***** Supplied information

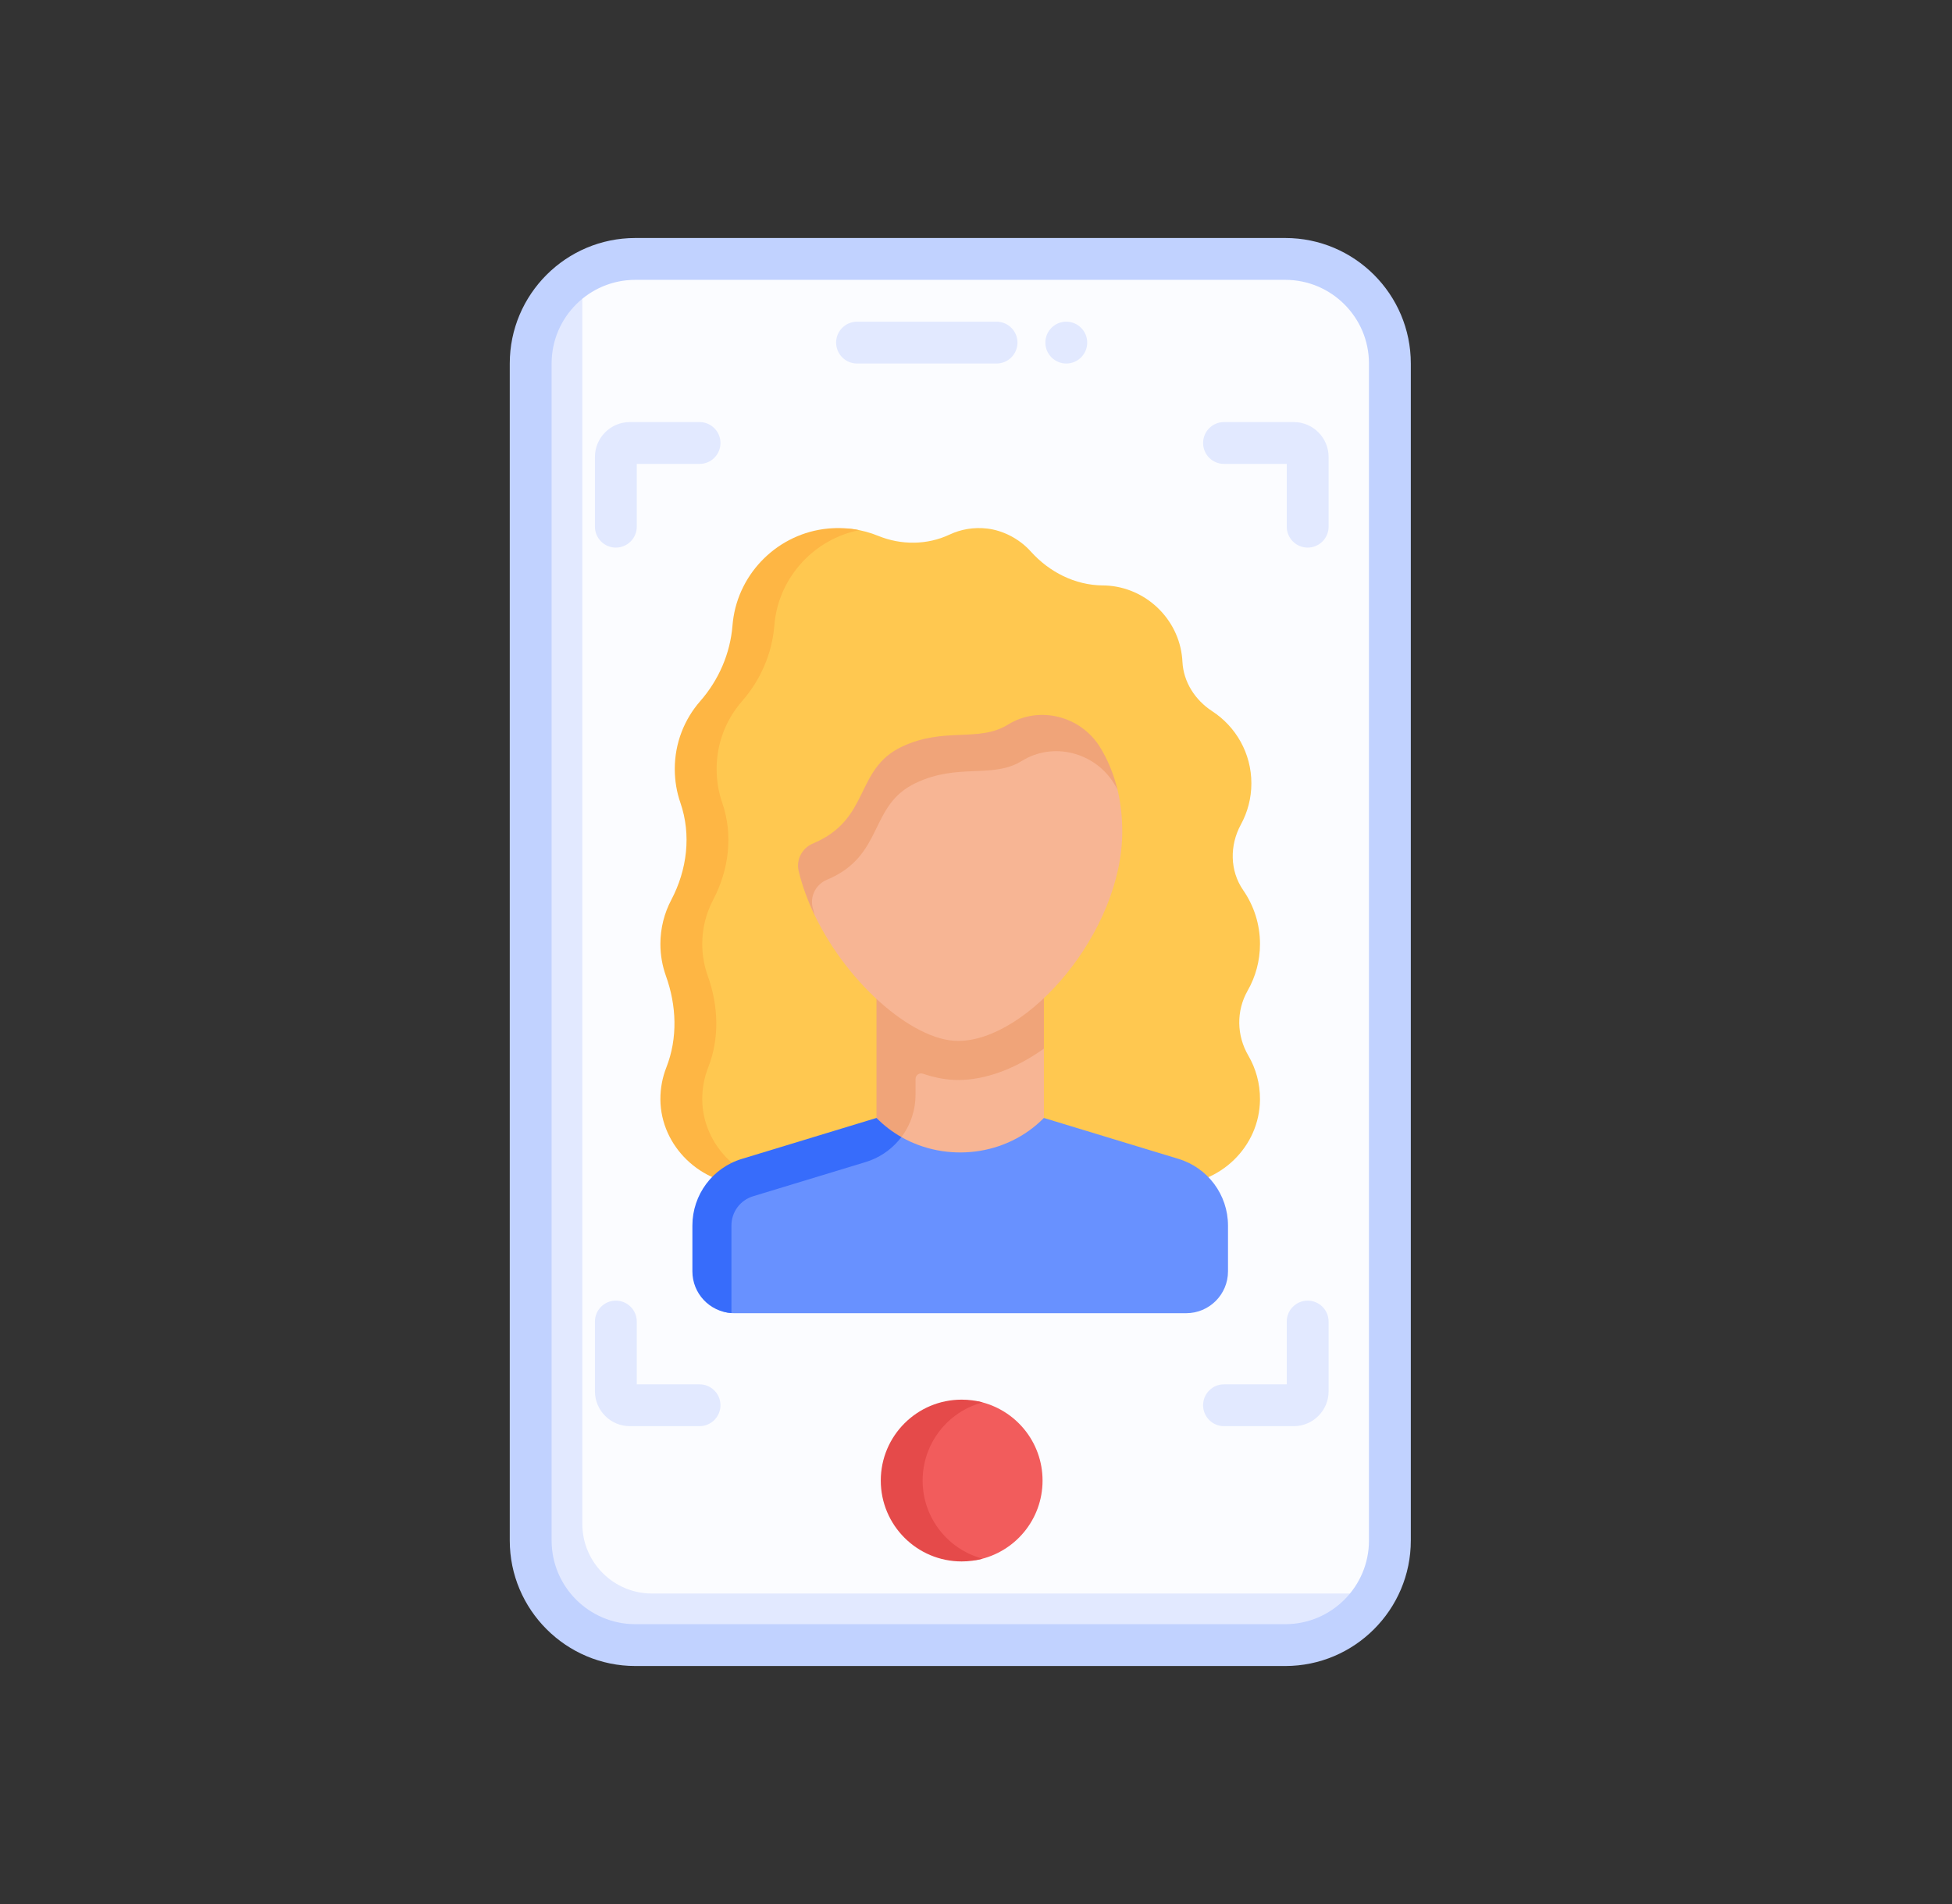 <svg width="41" height="40" viewBox="0 0 41 40" fill="none" xmlns="http://www.w3.org/2000/svg">
<rect x="0" y="0" width="41" height="40" fill="#333333" stroke="none"/>
<path d="M29.285 32.538C29.285 33.752 28.301 34.735 27.088 34.735H13.435C12.222 34.735 11.238 33.752 11.238 32.538V7.812C11.238 6.598 12.222 5.614 13.435 5.614H27.088C28.301 5.614 29.285 6.598 29.285 7.812V32.538Z" fill="#FBFCFF"/>
<path d="M28.836 33.477C28.473 34.19 27.732 34.678 26.877 34.678H13.225C12.011 34.678 11.027 33.694 11.027 32.48V7.754C11.027 6.898 11.517 6.157 12.231 5.794V32.012C12.231 32.821 12.886 33.477 13.696 33.477H28.836Z" fill="#E2E9FF"/>
<path d="M22.396 7.637C22.639 7.637 22.836 7.44 22.836 7.197C22.836 6.955 22.639 6.758 22.396 6.758C22.154 6.758 21.957 6.955 21.957 7.197C21.957 7.44 22.154 7.637 22.396 7.637Z" fill="#E2E9FF"/>
<path d="M26.996 35H13.344C11.89 35 10.707 33.817 10.707 32.363V7.637C10.707 6.183 11.89 5 13.344 5H26.996C28.45 5 29.633 6.183 29.633 7.637V32.363C29.633 33.817 28.45 35 26.996 35ZM13.344 5.879C12.374 5.879 11.586 6.667 11.586 7.637V32.363C11.586 33.333 12.374 34.121 13.344 34.121H26.996C27.965 34.121 28.754 33.333 28.754 32.363V7.637C28.754 6.667 27.965 5.879 26.996 5.879H13.344Z" fill="#C1D2FF"/>
<path d="M20.932 7.637H18.002C17.759 7.637 17.562 7.44 17.562 7.197C17.562 6.955 17.759 6.758 18.002 6.758H20.932C21.174 6.758 21.371 6.955 21.371 7.197C21.371 7.44 21.174 7.637 20.932 7.637Z" fill="#E2E9FF"/>
<path d="M26.22 22.176C25.973 21.753 25.964 21.237 26.206 20.811C26.371 20.522 26.465 20.188 26.465 19.831C26.465 19.411 26.334 19.022 26.112 18.701C25.829 18.291 25.826 17.758 26.064 17.321C26.204 17.064 26.284 16.77 26.284 16.457C26.284 15.822 25.956 15.263 25.461 14.941C25.102 14.707 24.857 14.328 24.836 13.901C24.834 13.878 24.833 13.855 24.831 13.832C24.756 12.997 24.06 12.336 23.223 12.3C23.203 12.3 23.184 12.299 23.164 12.299C22.58 12.294 22.04 12.019 21.65 11.585C21.399 11.306 21.053 11.143 20.743 11.105C20.456 11.07 20.182 11.119 19.944 11.231C19.474 11.452 18.928 11.454 18.447 11.258C18.278 11.189 18.099 11.14 17.913 11.115C17.745 11.091 17.578 11.136 17.399 11.152C16.364 11.25 15.633 12.022 15.511 13.054C15.507 13.084 15.504 13.114 15.502 13.143C15.455 13.729 15.213 14.286 14.826 14.728C14.492 15.109 14.29 15.608 14.29 16.155C14.29 16.403 14.331 16.642 14.408 16.864C14.641 17.538 14.549 18.274 14.216 18.906C14.071 19.182 13.988 19.497 13.988 19.831C13.988 20.066 14.029 20.292 14.104 20.501C14.328 21.125 14.355 21.808 14.113 22.424C14.031 22.633 13.987 22.86 13.988 23.098C13.995 24.085 14.728 24.893 15.715 24.893H24.621C25.62 24.893 26.458 24.097 26.465 23.098C26.467 22.762 26.378 22.447 26.22 22.176Z" fill="#FFC850"/>
<path d="M21.926 23.486L20.168 25.244L18.41 23.486L18.569 22.135L18.41 19.561H21.926L21.826 21.754L21.926 22.03V23.486Z" fill="#F7B594"/>
<path d="M15.588 14.728C15.254 15.109 15.052 15.608 15.052 16.155C15.052 16.404 15.093 16.642 15.17 16.864C15.403 17.539 15.311 18.275 14.978 18.906C14.833 19.182 14.75 19.497 14.75 19.831C14.75 20.066 14.791 20.292 14.866 20.502C15.09 21.125 15.117 21.808 14.875 22.425C14.793 22.633 14.749 22.86 14.75 23.098C14.757 24.085 15.607 24.893 16.595 24.893H15.716C14.728 24.893 13.878 24.085 13.871 23.098C13.87 22.86 13.914 22.633 13.996 22.425C14.238 21.808 14.211 21.125 13.987 20.502C13.912 20.292 13.871 20.066 13.871 19.831C13.871 19.497 13.954 19.182 14.099 18.906C14.432 18.275 14.524 17.539 14.291 16.864C14.214 16.642 14.173 16.404 14.173 16.155C14.173 15.608 14.375 15.109 14.709 14.728C15.096 14.286 15.338 13.729 15.385 13.143C15.387 13.114 15.39 13.084 15.394 13.054C15.516 12.022 16.356 11.202 17.391 11.104C17.617 11.083 17.837 11.095 18.046 11.137C17.116 11.324 16.386 12.098 16.273 13.054C16.269 13.084 16.266 13.114 16.264 13.143C16.217 13.729 15.975 14.286 15.588 14.728Z" fill="#FEB644"/>
<path d="M24.75 24.345L21.926 23.486C21.134 24.292 19.879 24.426 18.933 23.888C18.745 23.781 18.568 23.714 18.41 23.554L15.692 24.373C15.073 24.559 14.649 25.129 14.649 25.776L14.621 26.624C14.621 27.09 14.905 27.556 15.363 27.586C15.383 27.587 15.402 27.588 15.422 27.588H24.914C25.4 27.588 25.793 27.194 25.793 26.709V25.747C25.793 25.101 25.369 24.531 24.75 24.345Z" fill="#6891FF"/>
<path d="M18.41 19.561V23.486C18.489 23.567 18.436 23.784 18.524 23.851C18.611 23.917 18.838 23.834 18.933 23.888C18.933 23.888 18.933 23.888 18.933 23.888C19.031 23.758 19.106 23.614 19.156 23.462C19.205 23.313 19.23 23.156 19.23 22.998V22.667C19.23 22.587 19.31 22.531 19.386 22.557C19.641 22.643 19.888 22.689 20.123 22.689C20.701 22.689 21.328 22.454 21.926 22.03V19.561H18.41Z" fill="#F0A479"/>
<path d="M22.989 15.757C22.583 15.099 21.888 14.875 21.23 15.282C20.614 15.663 19.84 15.321 18.943 15.746C17.944 16.219 18.468 17.212 17.253 17.72C17.024 17.816 16.835 18.061 16.893 18.302C16.957 18.564 16.93 18.824 17.042 19.076C17.714 20.598 19.158 21.868 20.122 21.868C21.588 21.868 23.572 19.581 23.572 17.47C23.572 17.152 23.537 16.856 23.471 16.582C23.392 16.255 23.151 16.018 22.989 15.757Z" fill="#F7B594"/>
<path d="M17.069 19.064C17.01 18.823 17.14 18.578 17.369 18.482C18.584 17.973 18.236 16.922 19.235 16.449C20.132 16.024 20.848 16.366 21.464 15.985C22.121 15.578 22.993 15.802 23.399 16.46C23.423 16.5 23.447 16.541 23.47 16.582C23.39 16.255 23.267 15.96 23.106 15.698C22.7 15.04 21.828 14.816 21.171 15.223C20.555 15.604 19.839 15.263 18.943 15.687C17.943 16.161 18.291 17.212 17.076 17.72C16.847 17.816 16.717 18.061 16.776 18.302C16.852 18.617 16.968 18.928 17.112 19.228C17.097 19.174 17.082 19.119 17.069 19.064Z" fill="#F0A479"/>
<path d="M18.933 23.888C18.916 23.911 18.898 23.933 18.879 23.955C18.695 24.171 18.453 24.331 18.181 24.413L15.822 25.13C15.548 25.212 15.363 25.461 15.363 25.747V27.585C14.905 27.556 14.543 27.174 14.543 26.709V25.747C14.543 25.101 14.967 24.53 15.586 24.345L18.41 23.486C18.568 23.647 18.744 23.78 18.933 23.888Z" fill="#376CFB"/>
<path d="M12.935 11.504C12.693 11.504 12.496 11.307 12.496 11.065V9.6C12.496 9.196 12.825 8.867 13.229 8.867H14.693C14.936 8.867 15.133 9.064 15.133 9.307C15.133 9.549 14.936 9.746 14.693 9.746H13.375V11.065C13.375 11.307 13.178 11.504 12.935 11.504Z" fill="#E2E9FF"/>
<path d="M14.693 29.961H13.229C12.825 29.961 12.496 29.632 12.496 29.229V27.764C12.496 27.521 12.693 27.324 12.935 27.324C13.178 27.324 13.375 27.521 13.375 27.764V29.082H14.693C14.936 29.082 15.133 29.279 15.133 29.521C15.133 29.764 14.936 29.961 14.693 29.961Z" fill="#E2E9FF"/>
<path d="M27.174 29.961H25.709C25.466 29.961 25.27 29.764 25.27 29.521C25.27 29.279 25.466 29.082 25.709 29.082H27.027V27.764C27.027 27.521 27.224 27.324 27.467 27.324C27.709 27.324 27.906 27.521 27.906 27.764V29.229C27.906 29.632 27.578 29.961 27.174 29.961Z" fill="#E2E9FF"/>
<path d="M27.467 11.504C27.224 11.504 27.027 11.307 27.027 11.065V9.746H25.709C25.466 9.746 25.27 9.549 25.27 9.307C25.27 9.064 25.466 8.867 25.709 8.867H27.174C27.578 8.867 27.906 9.196 27.906 9.6V11.065C27.906 11.307 27.709 11.504 27.467 11.504Z" fill="#E2E9FF"/>
<path d="M21.898 31.104C21.898 30.29 21.327 29.611 20.564 29.444C20.446 29.418 20.295 29.45 20.169 29.45C19.231 29.45 18.598 30.165 18.598 31.104C18.598 32.042 19.248 32.745 20.187 32.745C20.304 32.745 20.431 32.791 20.541 32.768C21.316 32.61 21.898 31.925 21.898 31.104Z" fill="#F25C5C"/>
<path d="M20.639 32.745C20.499 32.783 20.351 32.803 20.199 32.803C19.261 32.803 18.5 32.042 18.5 31.104C18.5 30.165 19.261 29.404 20.199 29.404C20.351 29.404 20.499 29.424 20.639 29.462C19.913 29.655 19.379 30.317 19.379 31.104C19.379 31.89 19.913 32.552 20.639 32.745Z" fill="#E54A4A"/>
</svg>

**********

» **Action item**: Reproduce only the lines above spanning from the line containing "33.477C28.473 34.19 27.732" through the line containing "7.637H18.002C17.759 7.637 17.562", word for word.

» **Output of the exercise**:
<path d="M28.836 33.477C28.473 34.19 27.732 34.678 26.877 34.678H13.225C12.011 34.678 11.027 33.694 11.027 32.48V7.754C11.027 6.898 11.517 6.157 12.231 5.794V32.012C12.231 32.821 12.886 33.477 13.696 33.477H28.836Z" fill="#E2E9FF"/>
<path d="M22.396 7.637C22.639 7.637 22.836 7.44 22.836 7.197C22.836 6.955 22.639 6.758 22.396 6.758C22.154 6.758 21.957 6.955 21.957 7.197C21.957 7.44 22.154 7.637 22.396 7.637Z" fill="#E2E9FF"/>
<path d="M26.996 35H13.344C11.89 35 10.707 33.817 10.707 32.363V7.637C10.707 6.183 11.89 5 13.344 5H26.996C28.45 5 29.633 6.183 29.633 7.637V32.363C29.633 33.817 28.45 35 26.996 35ZM13.344 5.879C12.374 5.879 11.586 6.667 11.586 7.637V32.363C11.586 33.333 12.374 34.121 13.344 34.121H26.996C27.965 34.121 28.754 33.333 28.754 32.363V7.637C28.754 6.667 27.965 5.879 26.996 5.879H13.344Z" fill="#C1D2FF"/>
<path d="M20.932 7.637H18.002C17.759 7.637 17.562 7.44 17.562 7.197C17.562 6.955 17.759 6.758 18.002 6.758H20.932C21.174 6.758 21.371 6.955 21.371 7.197C21.371 7.44 21.174 7.637 20.932 7.637Z" fill="#E2E9FF"/>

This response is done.